Dead lock is caused in the database when you have resources (connections) waiting for other connections to release locks on the rows that are needed by the session, resulting in all session being blocked. Oracle automatically detects deadlocks are resolves the deadlock by rolling back the statement in the transaction that detected the deadlock. Thing to remember is that last statement is rolled back and not the whole transaction, which means that if you had other modifications, those rows are still locked and the application should make sure that it does a explicit rollback on the connection.

For example.
Lets assume there are two tables Parent(ParentID) and Child(ChildID)

SESSION_A >create table parent (parentId number(10));
Table created.
SESSION_A >create table child (childId number(10));
Table created.
SESSION_A >insert into parent values (100);
1 row created.
SESSION_A >insert into child values (200);
1 row created.
SESSION_A >commit;
Commit complete.
SESSION_A >select * from parent;
  PARENTID
----------
       100

SESSION_A >select * from child;
CHILDID
----------
200
SESSION_A >

Now lets create a situation where a deadlock happens. There are two sessions connected to the same database and same user, SESSION_A and SESSION_B are the two sessions in question.

SESSION_A >update parent set parentid = 1000 where parentid=100;
1 row updated.
SESSION_B >update child set childid = 2000 where childid = 200;
1 row updated.
SESSION_B >update parent set parentid = 2001 where parentid=100;
--Waiting For Lock on Row in Parent Table, held by SESSION_A
SESSION_A >update child set childid = 1001 where childid = 200;
update child set childid = 1001 where childid = 200
       *
ERROR at line 1:
ORA-00060: deadlock detected while waiting for resource
--SESSION_A requesting lock on row, held by SESSION_B causing deadlock.
SESSION_A >

After you get the ORA-00060 error the statement update child set childid = 1001 where childid = 200; is rolled back.. but SESSION_B is still waiting for the lock on the Parent table to be released.

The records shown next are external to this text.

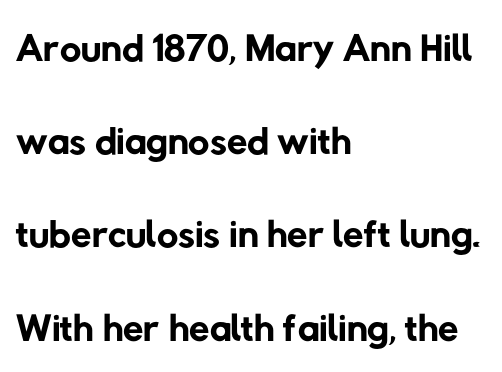
Q: Is the text bold? A: No.
Q: Is the typeface a serif or a sans-serif typeface? A: Sans-serif.
Q: Is the text underlined? A: No.
Q: How is the paragraph aligned? A: Left-aligned.
Q: Is the spacing between letters normal or unusually wide? A: Normal.
Q: Is the spacing between lines tight, normal or loose? A: Normal.
Q: Width (condensed, normal, or wide)? A: Normal.
Q: Stroke contrast? A: Low.
Q: x-height? A: Medium.
Q: Monospaced? A: No.
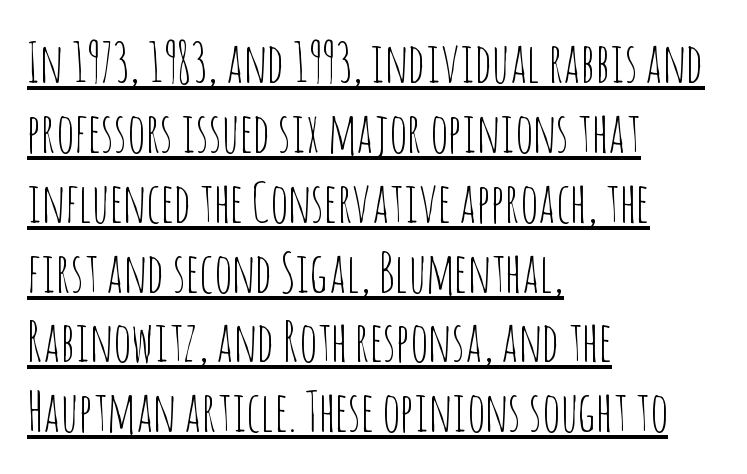
The image shows 55 px thin, condensed sans-serif type, upright; set left-aligned, normal line spacing (1.27x), normal letter spacing, underlined; low stroke contrast and a large x-height.
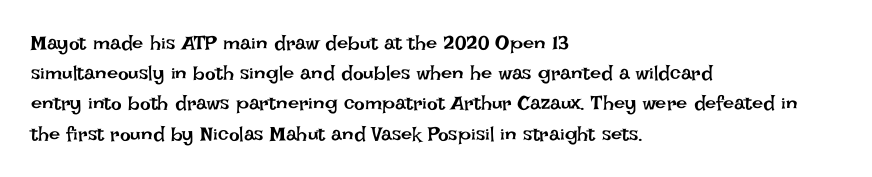
Q: Is the text bold? A: No.
Q: Is the text italic (slanted)? A: No, it is upright.
Q: Is the text underlined? A: No.
Q: How is the paragraph aligned? A: Left-aligned.
Q: Is the spacing between letters normal or unusually wide? A: Normal.
Q: Is the spacing between lines tight, normal or loose? A: Normal.
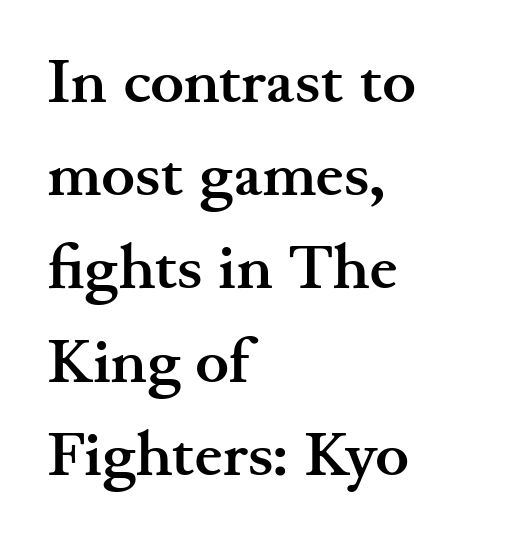
The image shows 63 px semibold, wide serif type, upright; set left-aligned, normal line spacing (1.48x), normal letter spacing, not underlined; medium stroke contrast and a small x-height.
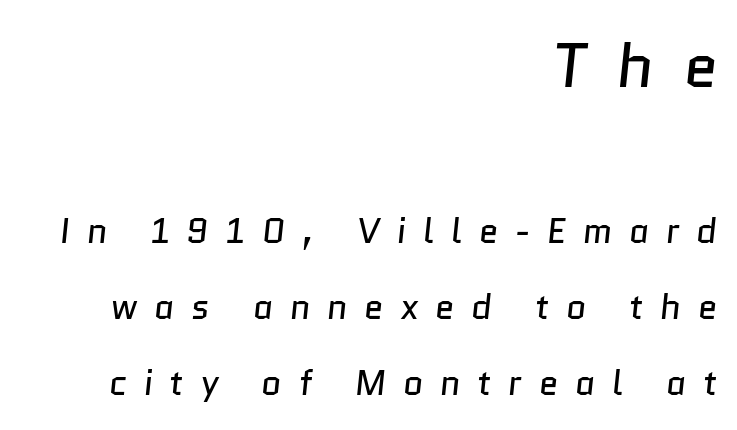
{"serif": "no", "bold": "no", "weight": "regular", "width": "normal", "stroke_contrast": "low", "x_height": "medium", "monospaced": "no", "underline": "no", "align": "right", "line_spacing": "loose", "line_spacing_ratio": 2.17, "letter_spacing": "wide", "letter_spacing_em": 0.48, "larger_block": "first", "size_ratio": 1.77, "glyph_px": 62}
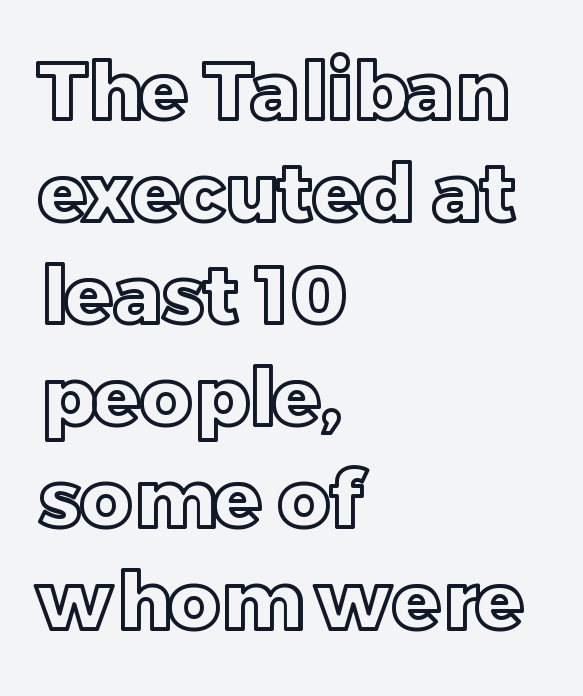
This sample has the flowing, uneven cadence of proportional lettering. The rendering keeps characters at their native spacing. Interline gaps are of average width in this sample. The font's upright variant was chosen for this text. The words here are not underlined.
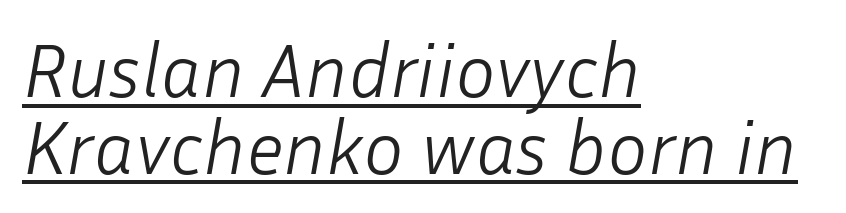
Emphasis is given by a line drawn under the lettering. The leading is snug, giving the passage a crowded texture. Words appear dense and cohesive because spacing is normal. It's the slanting kind of type. The strokes carry an ordinary text weight at most. Reading down the block, your eye returns to a fixed left position each line.
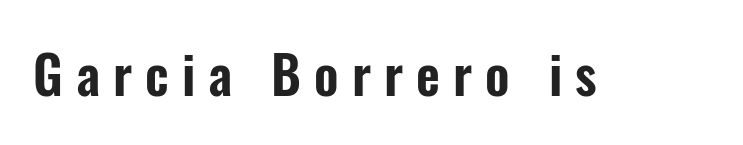
The text was rendered using a sans face with plain stroke endings. Does extra space separate the letters? Yes, quite a lot of it. Unlike italic type, these characters show no tilt at all. Check under the words: just untouched page. Think of a printed novel: that variable character pitch is what you see here.
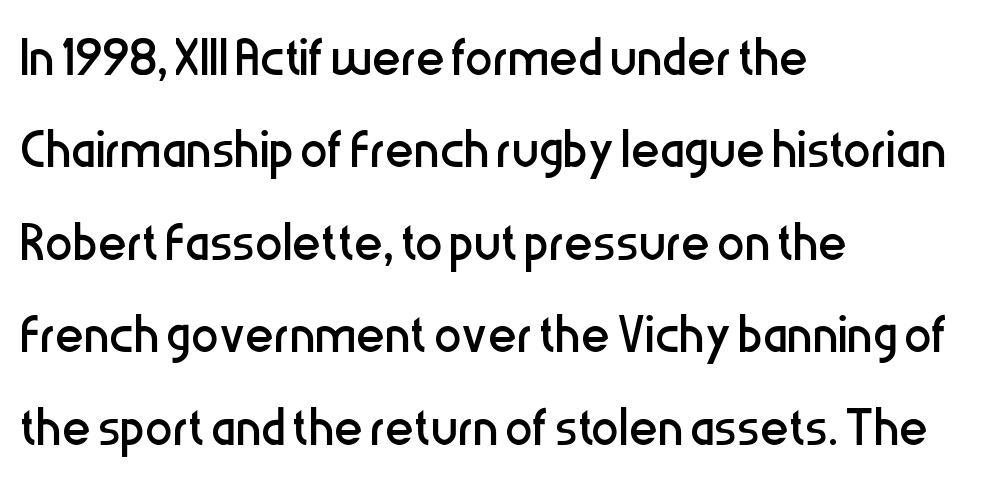
The font family rendered here belongs to the sans-serif group. Compared with a typical body face, this is equally light or lighter still. The glyphs are unaccompanied by any horizontal stroke below them. The rendering anchors every line to the left-hand side.
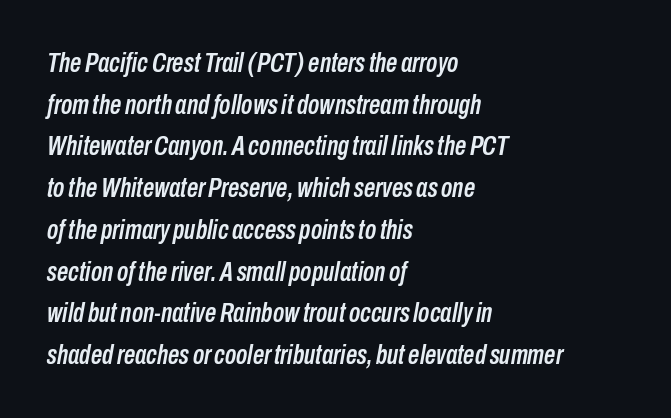
Q: Is the text italic (slanted)? A: Yes, it leans right by about 10 degrees.
Q: Is the text underlined? A: No.
Q: How is the paragraph aligned? A: Left-aligned.
Q: Is the spacing between letters normal or unusually wide? A: Normal.
Q: Is the spacing between lines tight, normal or loose? A: Normal.
Q: Width (condensed, normal, or wide)? A: Condensed.
Q: Stroke contrast? A: Low.
Q: x-height? A: Medium.
Q: Monospaced? A: No.
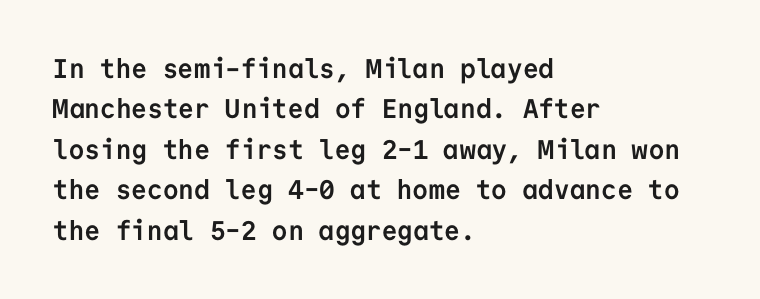
Look at the tracking — it's just the regular setting, nothing added. A classic flush-left, rag-right setting is used for this passage. Lines of text with bare space underneath. The font's upright variant was chosen for this text.
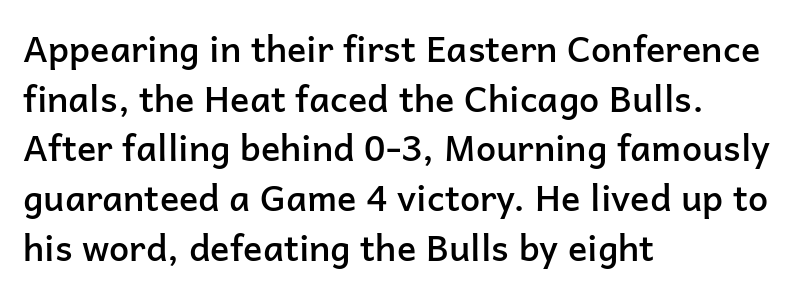
The image shows 36 px semibold sans-serif type, upright; set left-aligned, normal line spacing (1.38x), normal letter spacing, not underlined; low stroke contrast and a medium x-height.
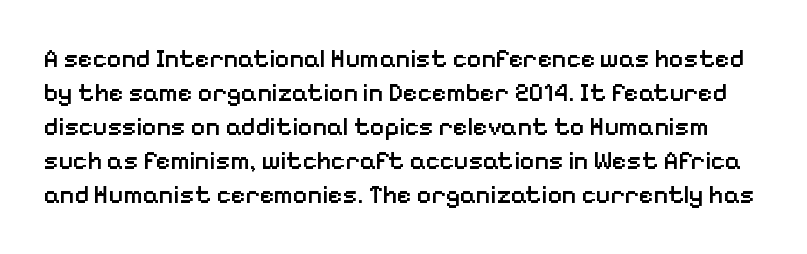
In terms of letterspacing, this is plain default setting. Notice how descenders clear the ascenders below comfortably — that's standard leading. Rendered with straight, roman letterforms. The specimen omits any rule beneath the text block's lines. A somewhat darkened texture: the type is semibold rather than bold.
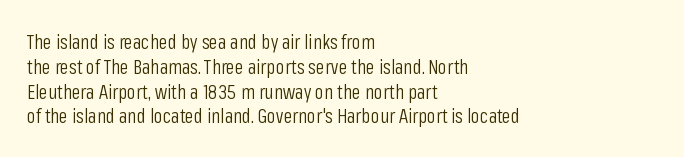
Q: Is the text bold? A: No.
Q: Is the text italic (slanted)? A: No, it is upright.
Q: Is the text underlined? A: No.
Q: How is the paragraph aligned? A: Left-aligned.
Q: Is the spacing between letters normal or unusually wide? A: Normal.
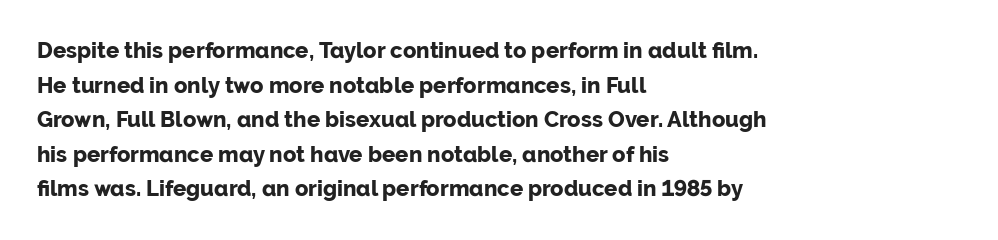
{"italic": "no", "bold": "yes", "underline": "no", "align": "left", "line_spacing": "normal", "line_spacing_ratio": 1.57, "letter_spacing": "normal", "letter_spacing_em": 0.0, "glyph_px": 22}
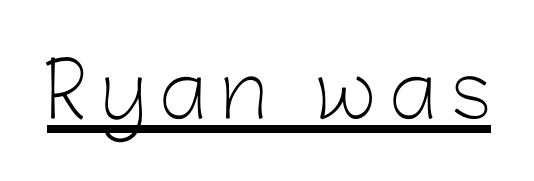
{"serif": "no", "italic": "no", "bold": "no", "weight": "light", "width": "normal", "stroke_contrast": "low", "x_height": "medium", "monospaced": "no", "underline": "yes", "glyph_px": 75}
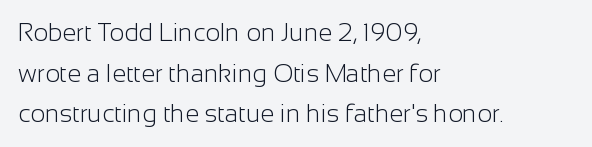
{"italic": "no", "bold": "no", "underline": "no", "align": "left", "line_spacing": "normal", "line_spacing_ratio": 1.63, "letter_spacing": "normal", "letter_spacing_em": 0.0, "glyph_px": 25}
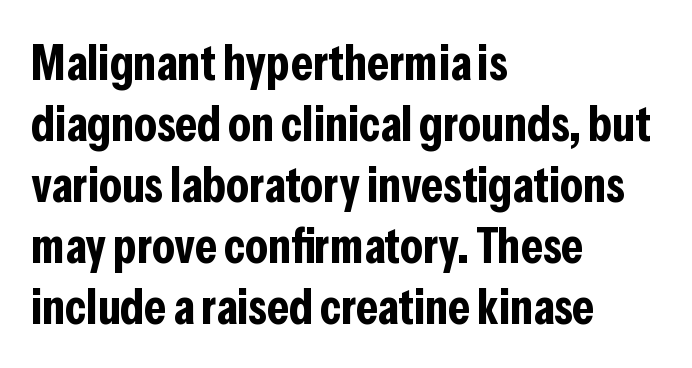
Q: Is the text bold? A: Yes.
Q: Is the text italic (slanted)? A: No, it is upright.
Q: Is the typeface a serif or a sans-serif typeface? A: Sans-serif.
Q: Is the text underlined? A: No.
Q: How is the paragraph aligned? A: Left-aligned.
Q: Is the spacing between letters normal or unusually wide? A: Normal.
Q: Width (condensed, normal, or wide)? A: Condensed.
Q: Stroke contrast? A: Low.
Q: x-height? A: Medium.
Q: Monospaced? A: No.
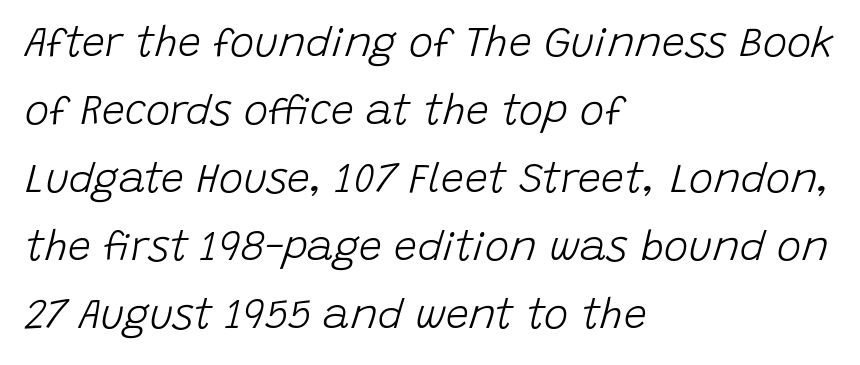
Q: Is the text bold? A: No.
Q: Is the text italic (slanted)? A: Yes, it leans right by about 15 degrees.
Q: Is the text underlined? A: No.
Q: How is the paragraph aligned? A: Left-aligned.
Q: Is the spacing between letters normal or unusually wide? A: Normal.
Q: Is the spacing between lines tight, normal or loose? A: Normal.
Q: Width (condensed, normal, or wide)? A: Normal.
Q: Stroke contrast? A: Low.
Q: x-height? A: Large.
Q: Monospaced? A: No.
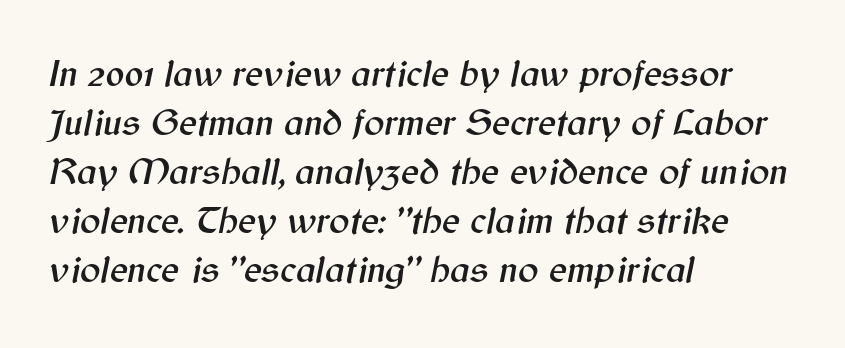
Q: Is the text italic (slanted)? A: Yes, it leans right by about 12 degrees.
Q: Is the text underlined? A: No.
Q: How is the paragraph aligned? A: Left-aligned.
Q: Is the spacing between letters normal or unusually wide? A: Normal.
Q: Is the spacing between lines tight, normal or loose? A: Normal.
Q: Width (condensed, normal, or wide)? A: Normal.
Q: Stroke contrast? A: Medium.
Q: x-height? A: Medium.
Q: Monospaced? A: No.
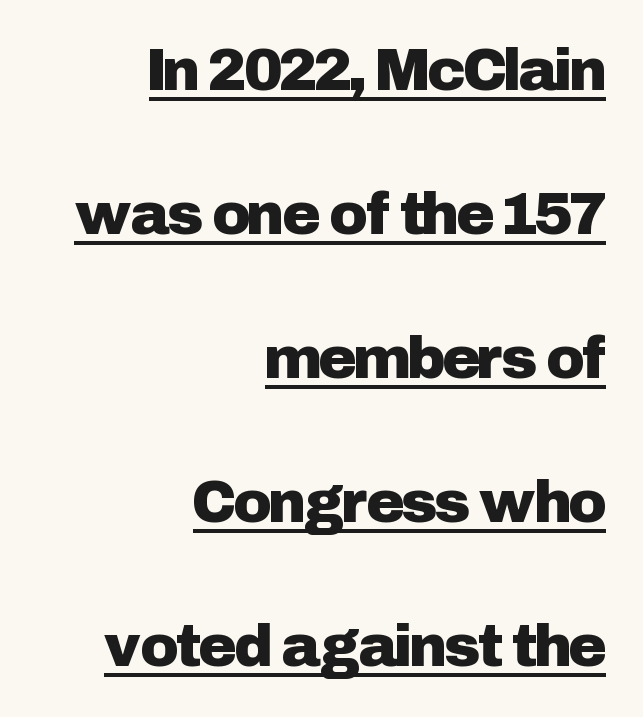
Varying glyph widths throughout — classic text-font behaviour. Successive baselines arrive slowly, with a big drop between each. Every stem runs plumb, perpendicular to the baseline. Look at the bottom of the vertical strokes: they stop flat, with no serifs. The lines are quadded right.
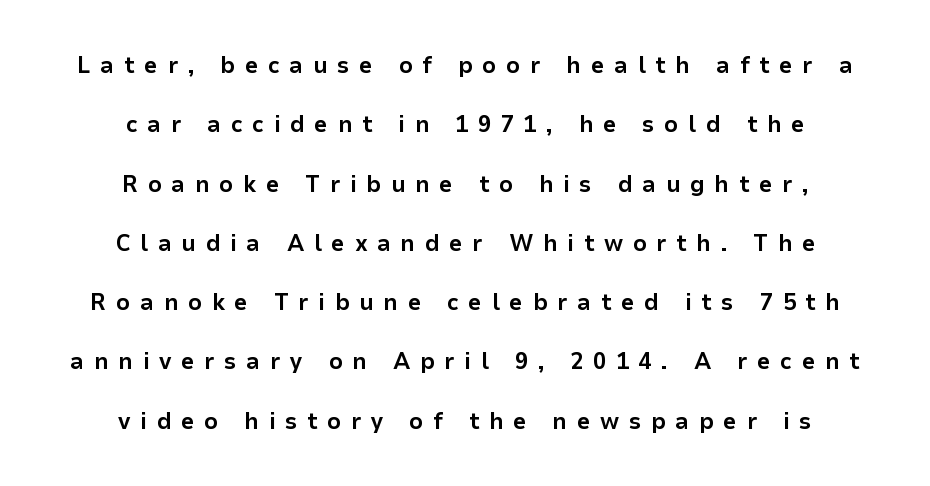
Loosely led — the rows are spread out. The letterforms stand isolated, each surrounded by extra space. The compositor balanced each line on the midline. I'd describe the lettering as bold — thick and assertive. Notice how the stems are strictly vertical — no italics here.
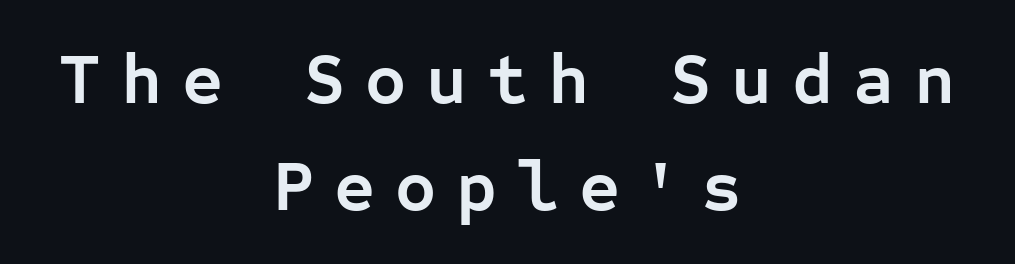
The image shows 71 px semibold sans-serif type, upright, monospaced; set centered, normal line spacing (1.51x), unusually wide letter spacing (+0.28 em), not underlined; low stroke contrast and a medium x-height.

So when your application get the ORA-00060 or any deadlock exception in any other database, explicitly rollback your transaction (not just the current statement) so that all the changes made in the transaction and all the locks held by the transaction are released.

May 14, 2009

Oracle for the Mac

Ever since I moved to the Mac, I had to run some other OS inside a VM so that I could run Oracle and use it, since Oracle was not available for the the Mac. Now that is no longer the case. Oracle 10gR2 (10.2.0.4) is now available for Mac here

This is especially nice since the Oracle for Mac was the most voted requirement on mix.oracle.com

May 6, 2009

In Oracle 11g password is case sensitive

In Oracle 10g and before we all know that passwords are not case sensitive, so PASSWORD, Password, password would let you in and everything would be okay.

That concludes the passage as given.